Au même moment les cris de _hors la loi_ se font entendre contre le défenseur de _la loi_. C'était le cri farouche des assassins, contre la force destinée à les réprimer.

Ils se pressent autour du président, la menace à la bouche: les armes à la main, ils lui ordonnent de prononcer le _hors la loi_: l'on m'avertit; je donne ordre de l'arracher à leur fureur, et six grenadiers du corps législatif s'en emparent. Aussitôt après des grenadiers du corps législatif entrent au pas de charge dans la salle et la font évacuer.

Les factieux intimidés se dispersent et s'éloignent. La majorité soustraite à leurs coups, rentre librement et paisiblement dans la salle de ses séances, entend les propositions qui devaient lui être faites pour le salut public, délibère et prépare la résolution salutaire qui doit devenir la loi nouvelle et provisoire de la république.

Français! vous reconnaissez sans doute à cette conduite le zèle d'un soldat de la liberté, d'un citoyen dévoué à la république. Les idées conservatrices, tutélaires, libérales, sont rentrées dans leurs droits par la dispersion des factieux qui opprimaient les Conseils, et qui, pour être devenus les plus odieux des hommes, n'ont pas cessé d'être les plus méprisables.

BONAPARTE.

Au quartier-général à Paris, le 20 brumaire an 8 (11 novembre 1799).

_A l'armée._

Le général Lefebvre conserve le commandement de la dix-septième division militaire.
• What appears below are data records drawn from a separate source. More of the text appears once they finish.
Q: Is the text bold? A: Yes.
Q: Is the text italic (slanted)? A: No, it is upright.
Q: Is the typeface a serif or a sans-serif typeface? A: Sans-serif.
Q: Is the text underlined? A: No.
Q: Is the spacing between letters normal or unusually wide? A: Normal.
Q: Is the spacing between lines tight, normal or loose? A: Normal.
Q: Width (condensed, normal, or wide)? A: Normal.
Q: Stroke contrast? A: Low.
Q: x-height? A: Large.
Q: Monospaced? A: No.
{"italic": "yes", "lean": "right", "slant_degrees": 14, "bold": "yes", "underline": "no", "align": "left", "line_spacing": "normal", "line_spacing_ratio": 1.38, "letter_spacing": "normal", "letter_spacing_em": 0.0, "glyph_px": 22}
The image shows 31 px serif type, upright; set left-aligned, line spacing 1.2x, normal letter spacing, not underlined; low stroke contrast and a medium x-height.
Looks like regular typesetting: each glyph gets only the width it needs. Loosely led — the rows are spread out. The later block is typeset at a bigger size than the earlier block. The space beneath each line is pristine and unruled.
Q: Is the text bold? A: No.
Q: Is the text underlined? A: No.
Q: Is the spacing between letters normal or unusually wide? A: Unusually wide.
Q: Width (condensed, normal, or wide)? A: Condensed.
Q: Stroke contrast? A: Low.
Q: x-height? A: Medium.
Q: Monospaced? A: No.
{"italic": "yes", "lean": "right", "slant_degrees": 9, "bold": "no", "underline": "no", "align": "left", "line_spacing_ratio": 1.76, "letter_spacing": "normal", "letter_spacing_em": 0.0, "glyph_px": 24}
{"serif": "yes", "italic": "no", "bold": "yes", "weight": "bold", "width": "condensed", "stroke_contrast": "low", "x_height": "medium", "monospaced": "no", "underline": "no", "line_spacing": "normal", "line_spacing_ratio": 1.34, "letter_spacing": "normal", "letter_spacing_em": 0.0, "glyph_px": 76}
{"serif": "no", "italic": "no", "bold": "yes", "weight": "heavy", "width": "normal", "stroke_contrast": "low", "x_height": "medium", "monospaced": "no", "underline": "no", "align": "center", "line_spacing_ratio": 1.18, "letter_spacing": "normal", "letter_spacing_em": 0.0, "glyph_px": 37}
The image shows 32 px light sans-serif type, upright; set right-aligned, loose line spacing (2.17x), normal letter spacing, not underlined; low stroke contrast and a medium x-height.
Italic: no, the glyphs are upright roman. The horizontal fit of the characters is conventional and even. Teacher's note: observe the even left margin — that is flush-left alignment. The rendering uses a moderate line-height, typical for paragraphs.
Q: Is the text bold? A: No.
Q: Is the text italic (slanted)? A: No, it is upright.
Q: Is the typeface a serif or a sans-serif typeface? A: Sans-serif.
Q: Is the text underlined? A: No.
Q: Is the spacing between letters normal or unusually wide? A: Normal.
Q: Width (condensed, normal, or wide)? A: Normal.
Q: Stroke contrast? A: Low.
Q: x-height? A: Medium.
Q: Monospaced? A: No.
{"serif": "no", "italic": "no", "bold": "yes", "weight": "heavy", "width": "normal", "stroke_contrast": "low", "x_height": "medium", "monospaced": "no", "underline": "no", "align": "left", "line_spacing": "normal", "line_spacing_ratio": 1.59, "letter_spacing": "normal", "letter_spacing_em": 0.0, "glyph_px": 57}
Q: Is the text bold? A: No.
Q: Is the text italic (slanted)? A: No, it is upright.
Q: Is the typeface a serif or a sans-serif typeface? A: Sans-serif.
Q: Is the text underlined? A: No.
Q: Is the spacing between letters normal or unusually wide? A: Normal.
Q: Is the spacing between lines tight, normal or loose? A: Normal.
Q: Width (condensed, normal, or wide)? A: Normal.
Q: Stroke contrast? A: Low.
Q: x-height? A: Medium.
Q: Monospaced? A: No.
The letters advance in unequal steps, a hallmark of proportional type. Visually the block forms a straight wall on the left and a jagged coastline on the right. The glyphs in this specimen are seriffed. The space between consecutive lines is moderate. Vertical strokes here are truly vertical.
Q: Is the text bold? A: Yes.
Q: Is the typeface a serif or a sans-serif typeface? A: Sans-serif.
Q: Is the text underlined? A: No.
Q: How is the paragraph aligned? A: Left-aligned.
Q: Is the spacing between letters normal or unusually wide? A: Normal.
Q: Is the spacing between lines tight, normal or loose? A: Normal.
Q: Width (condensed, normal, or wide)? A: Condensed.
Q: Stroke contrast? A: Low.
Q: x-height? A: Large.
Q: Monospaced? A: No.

Les troupes rentreront dans leurs quartiers respectifs; le service se fera comme à l'ordinaire.

Le général Bonaparte est très-satisfait de la conduite des troupes de ligne, des invalides, des gardes nationales sédentaires, qui, dans la journée d'hier, si heureuse pour la république, se sont montrés les vrais amis du peuple; il témoigne sa satisfaction particulière aux braves grenadiers près la représentation nationale, qui se sont couverts de gloire en sauvant la vie à leur général prêt à tomber sous les coups de représentans armés de poignards.

BONAPARTE.

Paris, le 21 brumaire an 8 (12 novembre 1799).

_Au peuple français._

La constitution de l'an III périssait; elle n'avait su, ni garantir vos droits, ni se garantir elle-même. Des atteintes multipliées lui ravissaient sans retour le respect du peuple; des factions haineuses et cupides se partageaient la république. La France approchait enfin du dernier terme d'une désorganisation générale.

Les patriotes se sont entendus. Tout ce qui pouvait vous nuire a été écarté; tout ce qui pouvait vous servir, tout ce qui était resté pur dans la représentation nationale s'est réuni sous les bannières de la liberté.

Français, la république, raffermie et replacée dans l'Europe au rang qu'elle n'aurait jamais dû perdre, verra se réaliser toutes les espérances des citoyens, et accomplira ses glorieuses destinées.

Prêtez avec nous le serment que nous faisons _d'être fidèles à la république, une et indivisible, fondée sur l'égalité, la liberté et le système représentatif_.

Par les consuls de la république.

ROGER-DUCOS, BONAPARTE, SYEYES.

Paris, le 21 brumaire an 8 (12 novembre 1799).